THE CODE IS MADE AVAILABLE "AS-IS" AND WITHOUT ANY EXPRESS OR IMPLIED GUARANTEES AS TO FITNESS, MERCHANTABILITY, NON-INFRINGEMENT OR OTHERWISE. IT IS NOT BEING PROVIDED IN TRADE BUT ON A VOLUNTARY BASIS ON BEHALF OF THE AUTHOR’S PART FOR THE BENEFIT OF THE LICENSEE AND IS NOT MADE AVAILABLE FOR CONSUMER USE OR ANY OTHER USE OUTSIDE THE TERMS OF THIS LICENSE. ANYONE ACCESSING THE CODE SHOULD HAVE THE REQUISITE EXPERTISE TO SECURE THEIR SYSTEM AND DEVICES AND TO ACCESS AND USE THE CODE FOR REVIEW PURPOSES ONLY. LICENSEE BEARS THE RISK OF ACCESSING AND USING THE CODE. IN PARTICULAR, AUTHOR BEARS NO LIABILITY FOR ANY INTERFERENCE WITH OR ADVERSE EFFECT THAT MAY OCCUR AS A RESULT OF THE LICENSEE ACCESSING AND/OR USING THE CODE ON LICENSEE’S SYSTEM.

Cryptography Notice

This distribution includes cryptographic software.

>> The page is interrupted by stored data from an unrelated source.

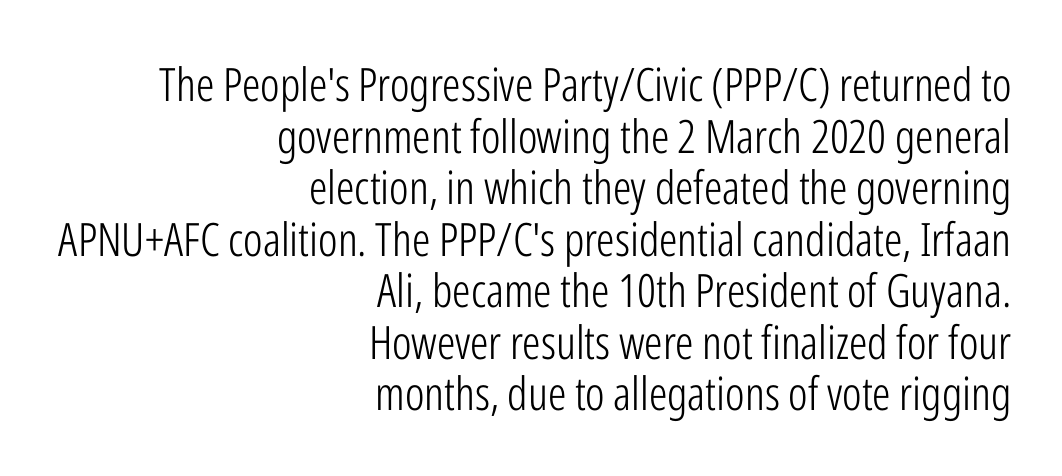
Q: Is the text bold? A: No.
Q: Is the text italic (slanted)? A: No, it is upright.
Q: Is the typeface a serif or a sans-serif typeface? A: Sans-serif.
Q: Is the text underlined? A: No.
Q: How is the paragraph aligned? A: Right-aligned.
Q: Is the spacing between letters normal or unusually wide? A: Normal.
Q: Is the spacing between lines tight, normal or loose? A: Tight.
Q: Width (condensed, normal, or wide)? A: Condensed.
Q: Stroke contrast? A: Low.
Q: x-height? A: Medium.
Q: Monospaced? A: No.
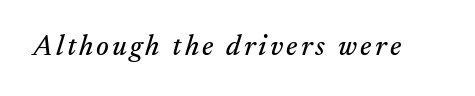
Looks like regular typesetting: each glyph gets only the width it needs. Slant detected: the letters are inclined. The glyphs in this specimen are seriffed. The words here are not underlined.
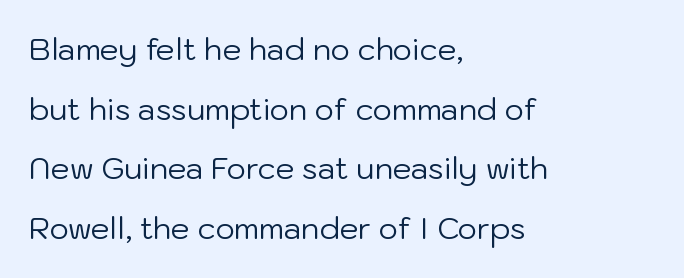
{"serif": "no", "italic": "no", "bold": "no", "weight": "regular", "width": "normal", "stroke_contrast": "low", "x_height": "medium", "monospaced": "no", "underline": "no", "align": "left", "line_spacing": "loose", "line_spacing_ratio": 1.99, "letter_spacing": "normal", "letter_spacing_em": 0.0, "glyph_px": 30}
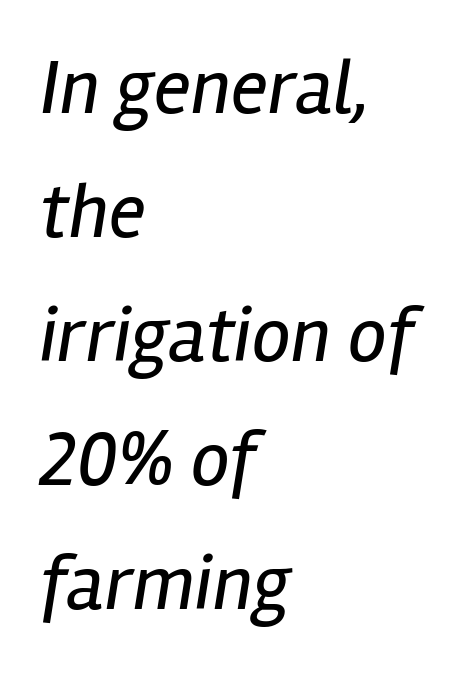
The image shows 78 px regular-weight, condensed type, italic (leaning right); set left-aligned, normal line spacing (1.59x), normal letter spacing, not underlined; low stroke contrast and a medium x-height.
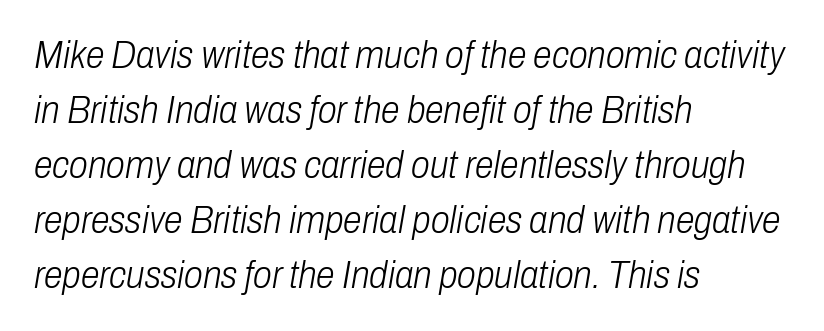
Q: Is the text bold? A: No.
Q: Is the text italic (slanted)? A: Yes, it leans right by about 10 degrees.
Q: Is the text underlined? A: No.
Q: How is the paragraph aligned? A: Left-aligned.
Q: Is the spacing between letters normal or unusually wide? A: Normal.
Q: Is the spacing between lines tight, normal or loose? A: Normal.
Q: Width (condensed, normal, or wide)? A: Condensed.
Q: Stroke contrast? A: Low.
Q: x-height? A: Medium.
Q: Monospaced? A: No.
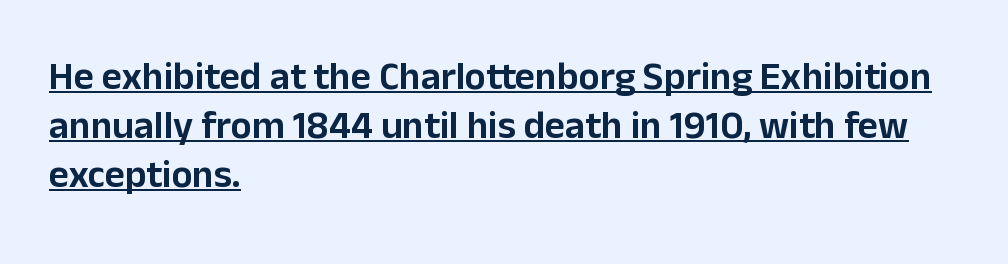
A typesetter would call this proportional, since set widths differ per character. A typographer would call this underscored text. In CSS terms this would be text-align: left. What stands out about the letter spacing? Nothing — it is the standard amount. Rendered with straight, roman letterforms.
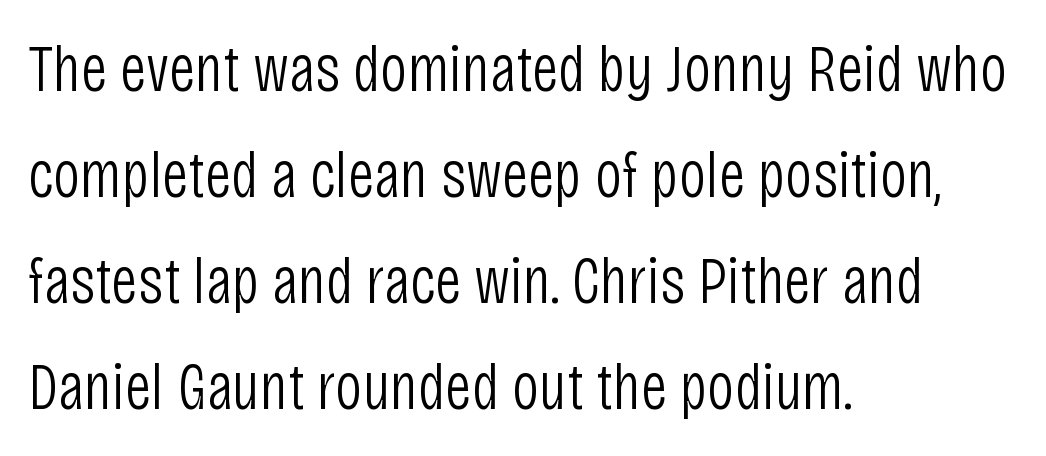
One glance says typical: line gaps are just what's usual. A clean baseline with only descenders dipping below it. The font family rendered here belongs to the sans-serif group. Each letter keeps its own natural width here, so spacing adapts to shape.

The country in which you currently reside may have restrictions on the import, possession, use, and/or re-export to another country, of encryption software. BEFORE using any encryption software, please check your country's laws, regulations and policies concerning the import, possession, use, and re-export of encryption software, to see if this is permitted. See http://www.wassenaar.org/ for more information.

The U.S. Government Department of Commerce, Bureau of Industry and Security (BIS), has classified this software as Export Commodity Control Number (ECCN) 5D002.C.1, which includes information security software using or performing cryptographic functions with asymmetric algorithms. The form and manner of this distribution makes it eligible for export under the License Exception ENC Technology Software Unrestricted (TSU) exception (see the BIS Export Administration Regulations, Section 740.13) for both object code and source code.